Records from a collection
--- --- ---
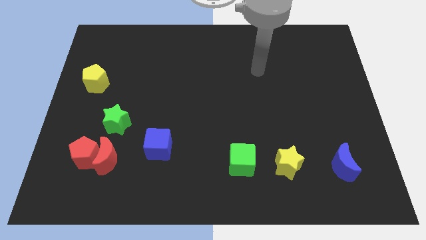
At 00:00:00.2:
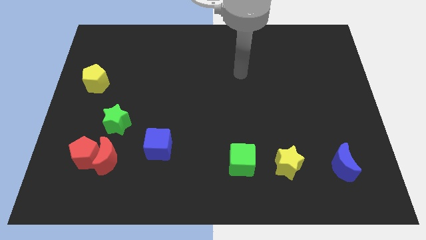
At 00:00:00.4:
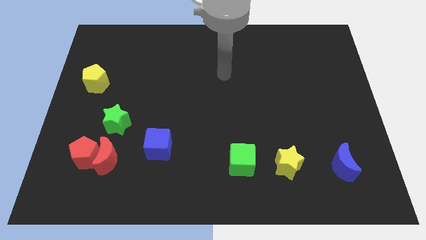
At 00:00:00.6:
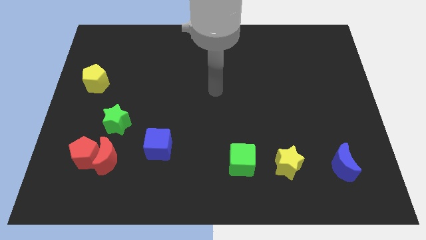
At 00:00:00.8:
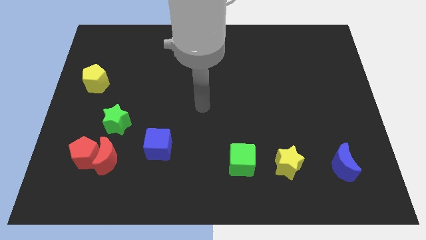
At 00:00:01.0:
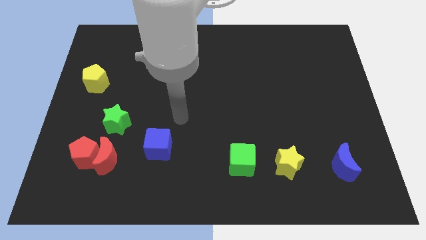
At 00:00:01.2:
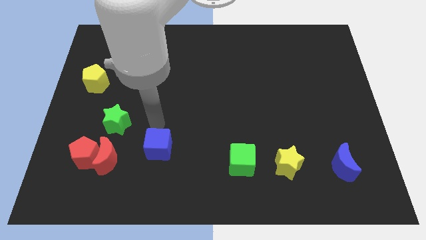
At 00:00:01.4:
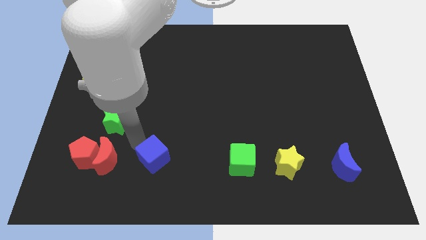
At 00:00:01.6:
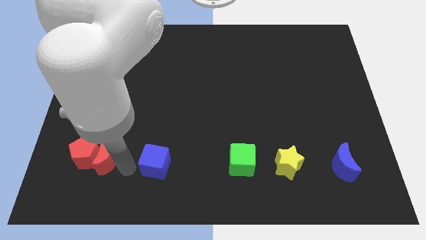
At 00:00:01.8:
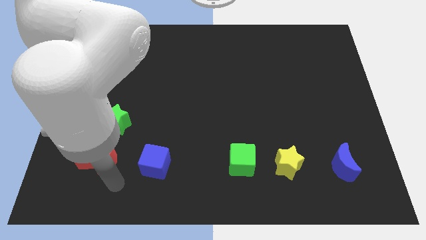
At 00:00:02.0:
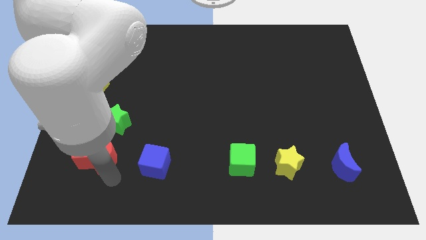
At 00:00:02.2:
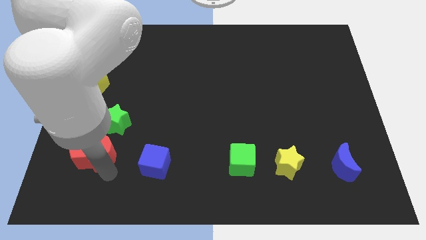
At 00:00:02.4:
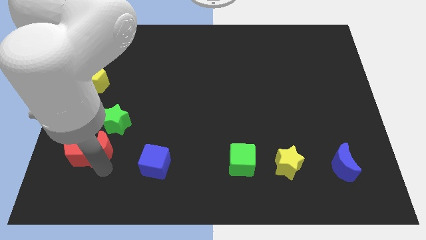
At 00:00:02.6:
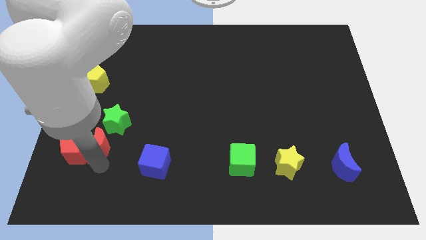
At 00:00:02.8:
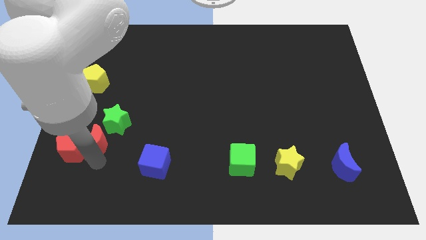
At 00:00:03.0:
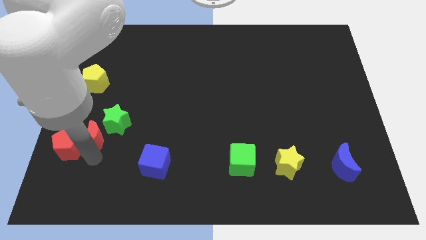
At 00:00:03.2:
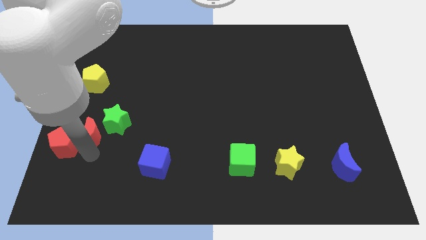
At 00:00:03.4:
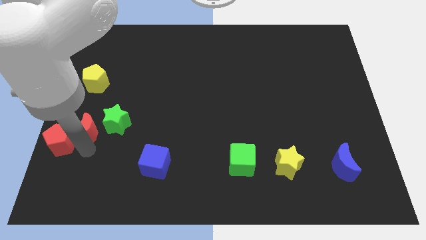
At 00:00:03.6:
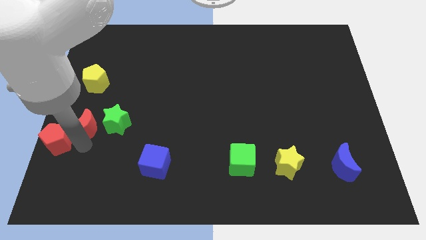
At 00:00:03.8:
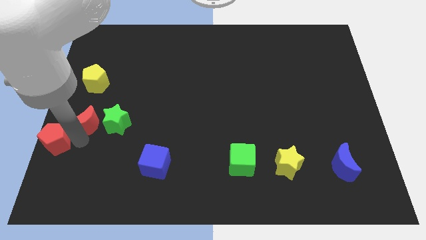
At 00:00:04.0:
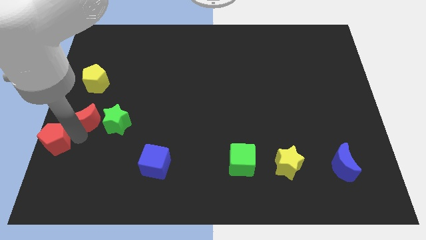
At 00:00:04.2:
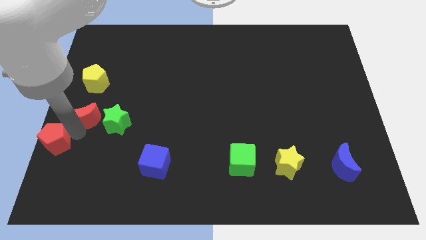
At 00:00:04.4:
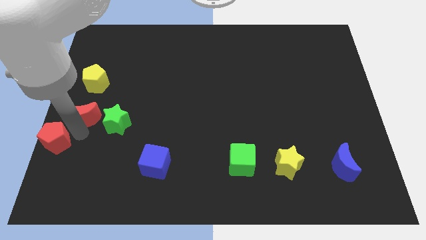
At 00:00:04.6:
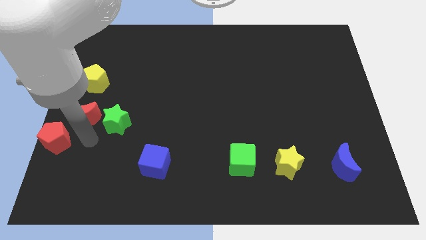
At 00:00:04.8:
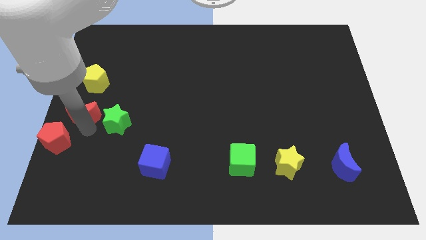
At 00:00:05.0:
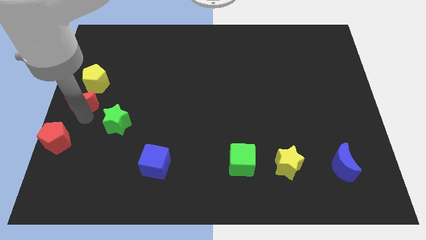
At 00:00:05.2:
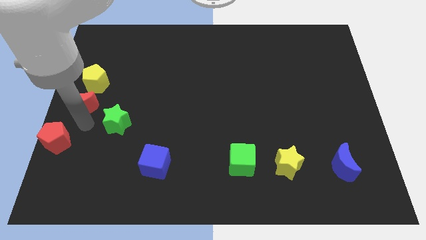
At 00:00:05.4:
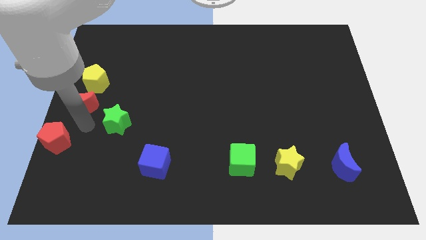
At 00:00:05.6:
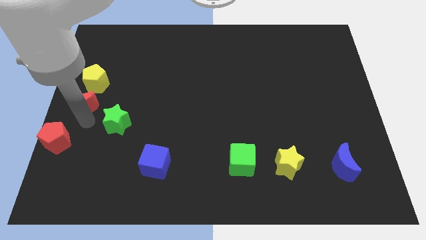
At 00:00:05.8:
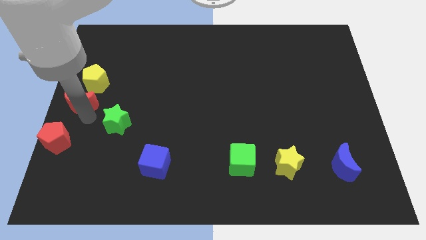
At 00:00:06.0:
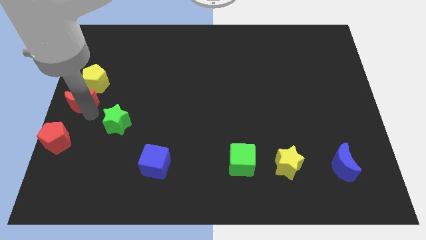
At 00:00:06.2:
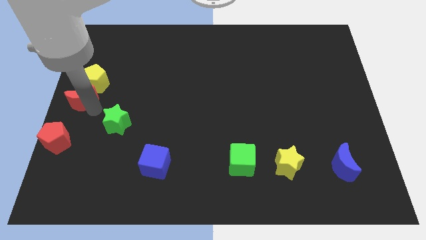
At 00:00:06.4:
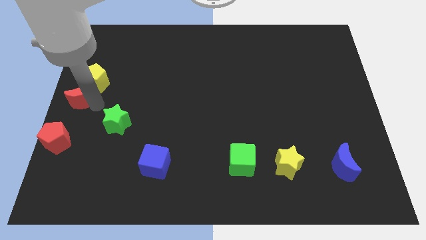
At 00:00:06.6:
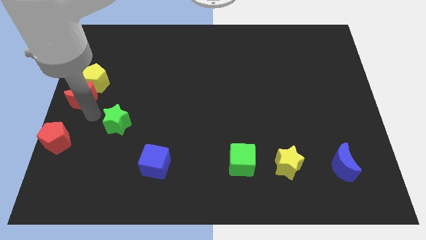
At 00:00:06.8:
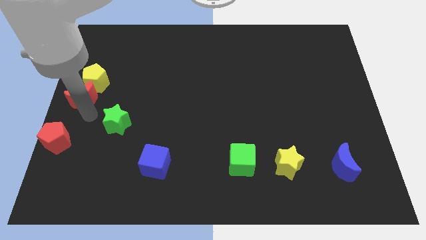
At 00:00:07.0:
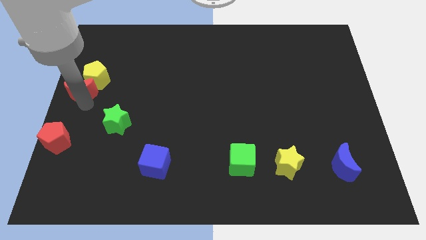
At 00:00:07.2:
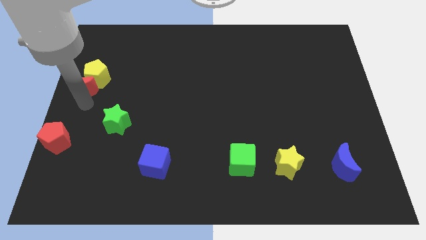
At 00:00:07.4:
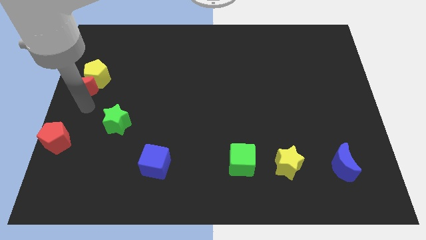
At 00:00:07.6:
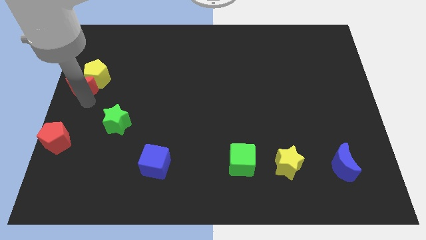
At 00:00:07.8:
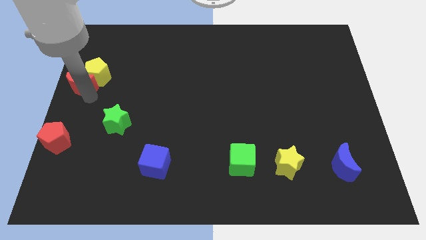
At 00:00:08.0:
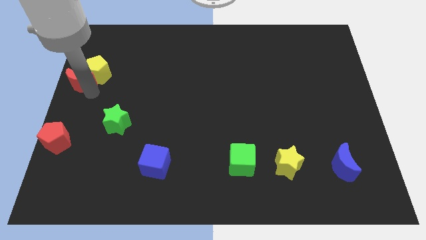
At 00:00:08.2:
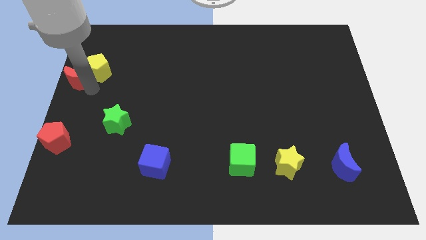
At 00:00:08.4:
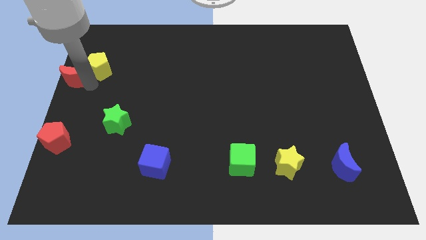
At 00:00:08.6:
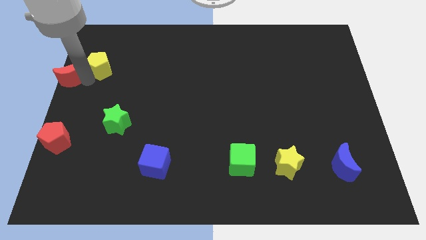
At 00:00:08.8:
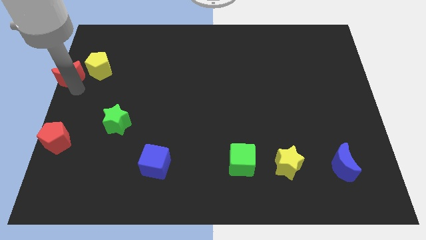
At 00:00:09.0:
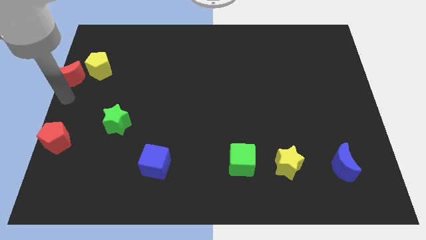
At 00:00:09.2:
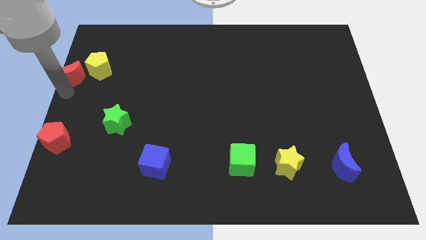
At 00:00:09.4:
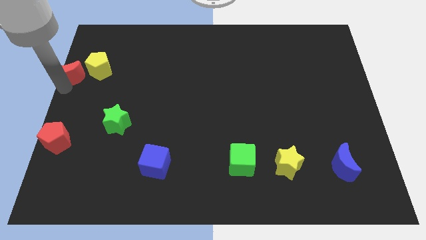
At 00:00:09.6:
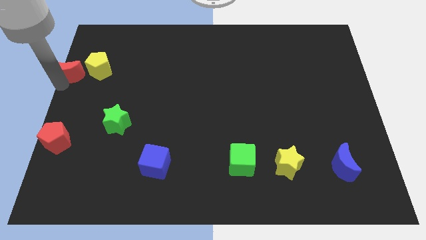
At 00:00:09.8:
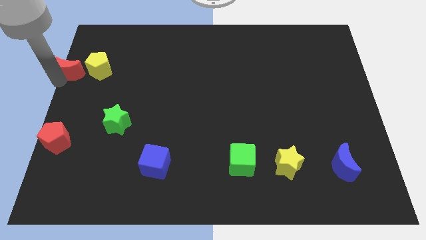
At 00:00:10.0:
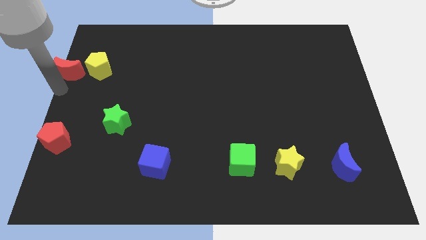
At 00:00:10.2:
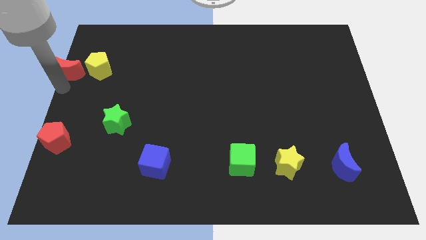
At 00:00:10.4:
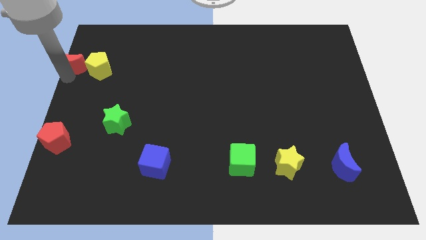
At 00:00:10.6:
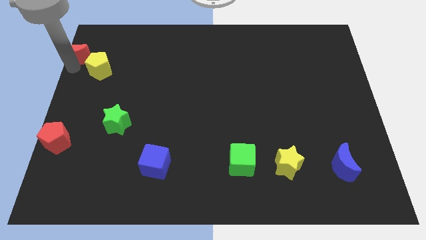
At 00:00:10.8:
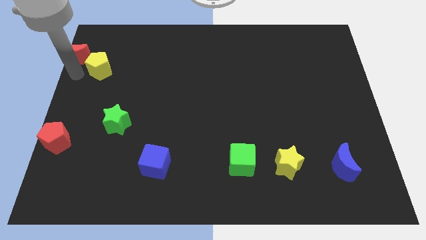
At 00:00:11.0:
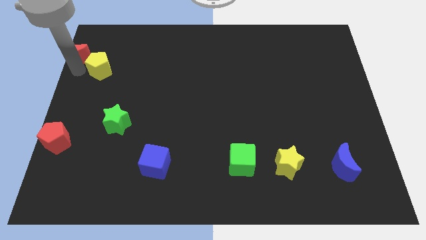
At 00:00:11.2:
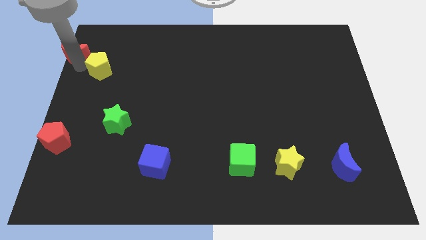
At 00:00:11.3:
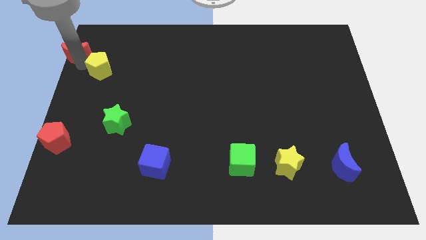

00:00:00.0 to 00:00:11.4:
put the red moon to the top left of the board
--- --- ---
Without any of the pictures, set the entries down again exactly as written.

At 00:00:00.2:
At 00:00:00.4:
At 00:00:00.6:
At 00:00:00.8:
At 00:00:01.0:
At 00:00:01.2:
At 00:00:01.4:
At 00:00:01.6:
At 00:00:01.8:
At 00:00:02.0:
At 00:00:02.2:
At 00:00:02.4:
At 00:00:02.6:
At 00:00:02.8:
At 00:00:03.0:
At 00:00:03.2:
At 00:00:03.4:
At 00:00:03.6:
At 00:00:03.8:
At 00:00:04.0:
At 00:00:04.2:
At 00:00:04.4:
At 00:00:04.6:
At 00:00:04.8:
At 00:00:05.0:
At 00:00:05.2:
At 00:00:05.4:
At 00:00:05.6:
At 00:00:05.8:
At 00:00:06.0:
At 00:00:06.2:
At 00:00:06.4:
At 00:00:06.6:
At 00:00:06.8:
At 00:00:07.0:
At 00:00:07.2:
At 00:00:07.4:
At 00:00:07.6:
At 00:00:07.8:
At 00:00:08.0:
At 00:00:08.2:
At 00:00:08.4:
At 00:00:08.6:
At 00:00:08.8:
At 00:00:09.0:
At 00:00:09.2:
At 00:00:09.4:
At 00:00:09.6:
At 00:00:09.8:
At 00:00:10.0:
At 00:00:10.2:
At 00:00:10.4:
At 00:00:10.6:
At 00:00:10.8:
At 00:00:11.0:
At 00:00:11.2:
At 00:00:11.3:

00:00:00.0 to 00:00:11.4:
put the red moon to the top left of the board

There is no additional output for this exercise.